I was very surprised when Yvonne said that almost every Desert Tort rescue she receives is a male, and that males also outnumber females in the wild. I wonder why that is?

I have 1 female, and 2 males.


----------



## galvinkaos (Feb 26, 2010)

I have 2 unknown. Still small, so I don't know. Hatched Oct 2007.

Dawna


----------



## kimber_lee_314 (Feb 26, 2010)

I definite male, 1 definite female, 1 that looks like it's going to be female, and 2 too small to tell yet. Almost all my rescues are male too.


----------



## Yvonne G (Feb 26, 2010)

2.3.4


----------



## Sudhira (Feb 26, 2010)

At what age is gender determined?


----------



## kimber_lee_314 (Feb 27, 2010)

It's usually more of a size thing than age. Some people say 8 inches, but even then, I've seen males that look like females at that size.


----------



## sushisurf13 (Mar 1, 2010)

I have one adult female and her three babies.
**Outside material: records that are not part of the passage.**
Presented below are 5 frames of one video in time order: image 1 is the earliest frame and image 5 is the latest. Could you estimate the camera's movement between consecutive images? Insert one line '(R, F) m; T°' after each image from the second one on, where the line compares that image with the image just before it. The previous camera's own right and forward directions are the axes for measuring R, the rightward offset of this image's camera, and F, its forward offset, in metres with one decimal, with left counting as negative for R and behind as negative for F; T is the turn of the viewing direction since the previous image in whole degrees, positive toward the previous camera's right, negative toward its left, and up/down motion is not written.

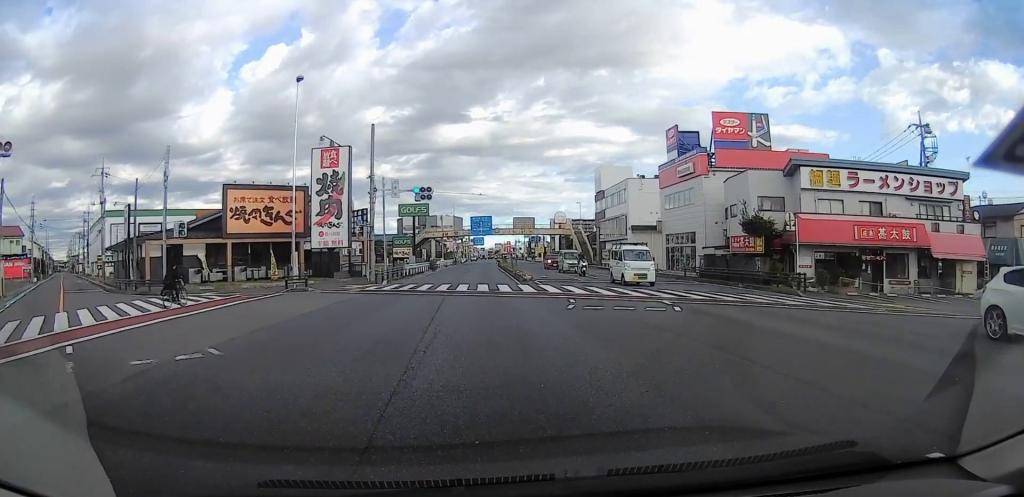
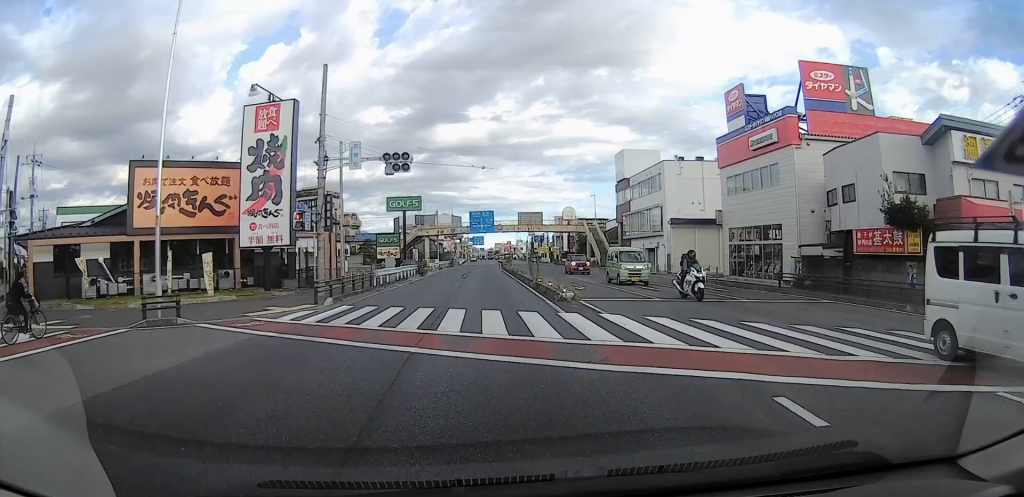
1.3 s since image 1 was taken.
(-0.1, +10.0) m; +1°
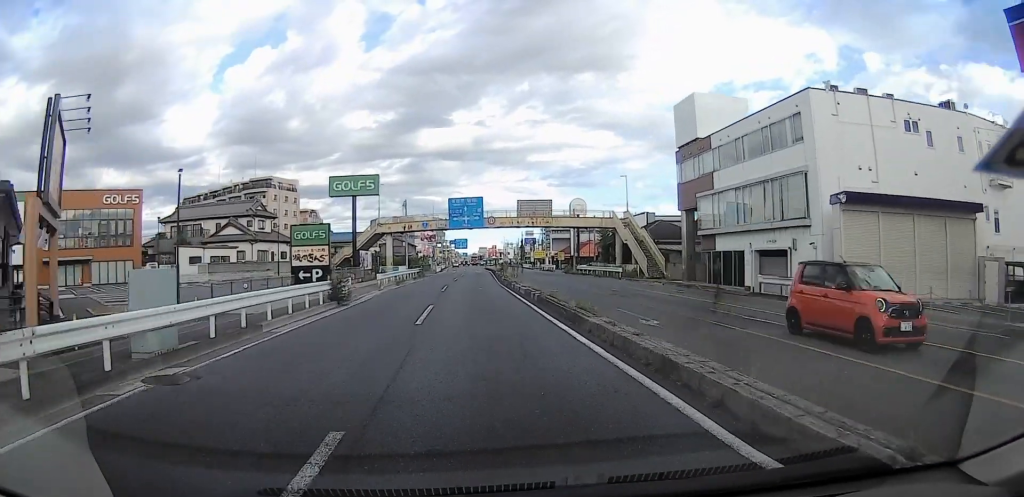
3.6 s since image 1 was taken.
(+0.7, +22.2) m; +1°
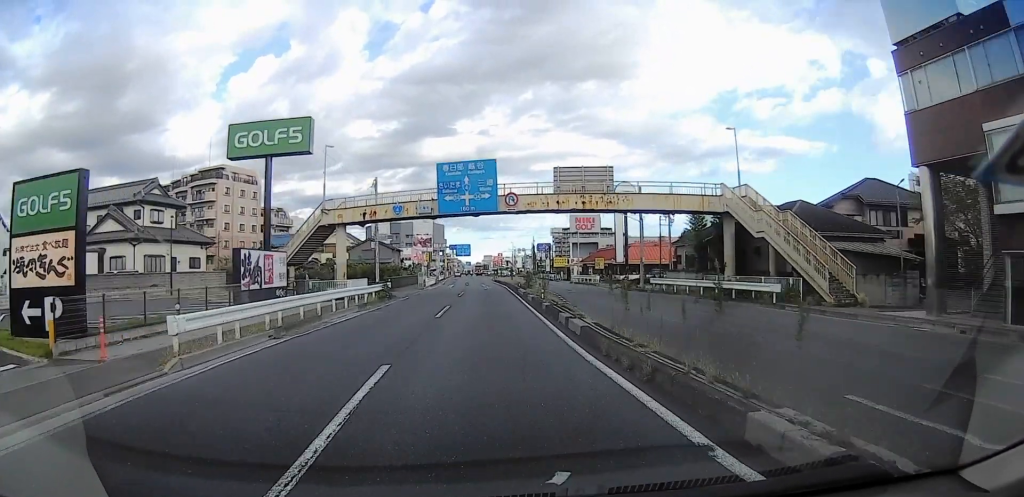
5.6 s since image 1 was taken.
(-0.5, +24.5) m; -1°
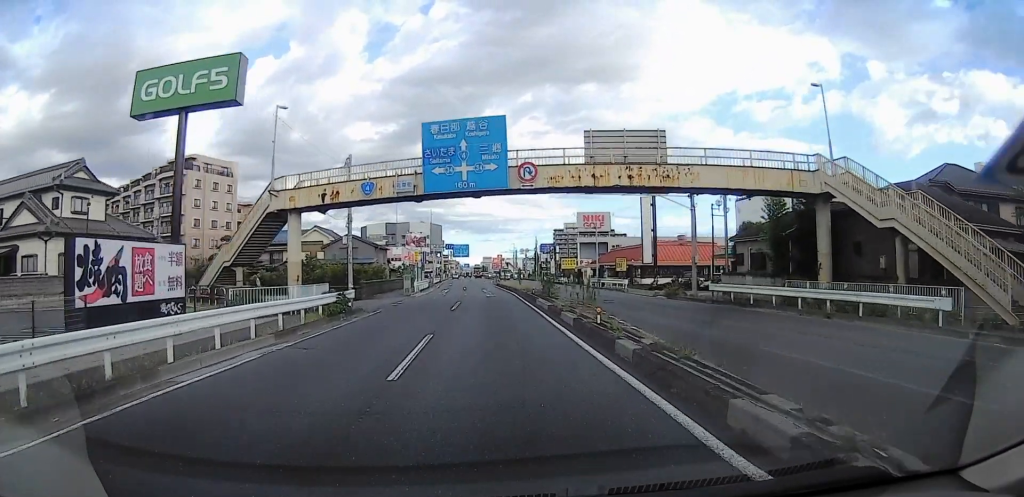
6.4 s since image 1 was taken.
(0.0, +10.8) m; 0°

The babies hatched 9/09.


----------



## APBT_Fanatic (Mar 9, 2010)

I have an adult male and two hatchlings, so I am not sure about them yet.


----------



## Stephanie Logan (Mar 9, 2010)

So isn't anyone going to speculate or explain the disproportionate ratio of rescued males?


----------



## kimber_lee_314 (Mar 9, 2010)

Well, here's my opinion. Like most torts, you can keep several females with a male, but it's harder to keep more than one male (well I've heard it can be - I've never had an issue with this.) So when someone gets a female, they usually just hang on to her.


----------



## sharlan (Mar 11, 2010)

I have 2 males that I've had since they were hatched.


----------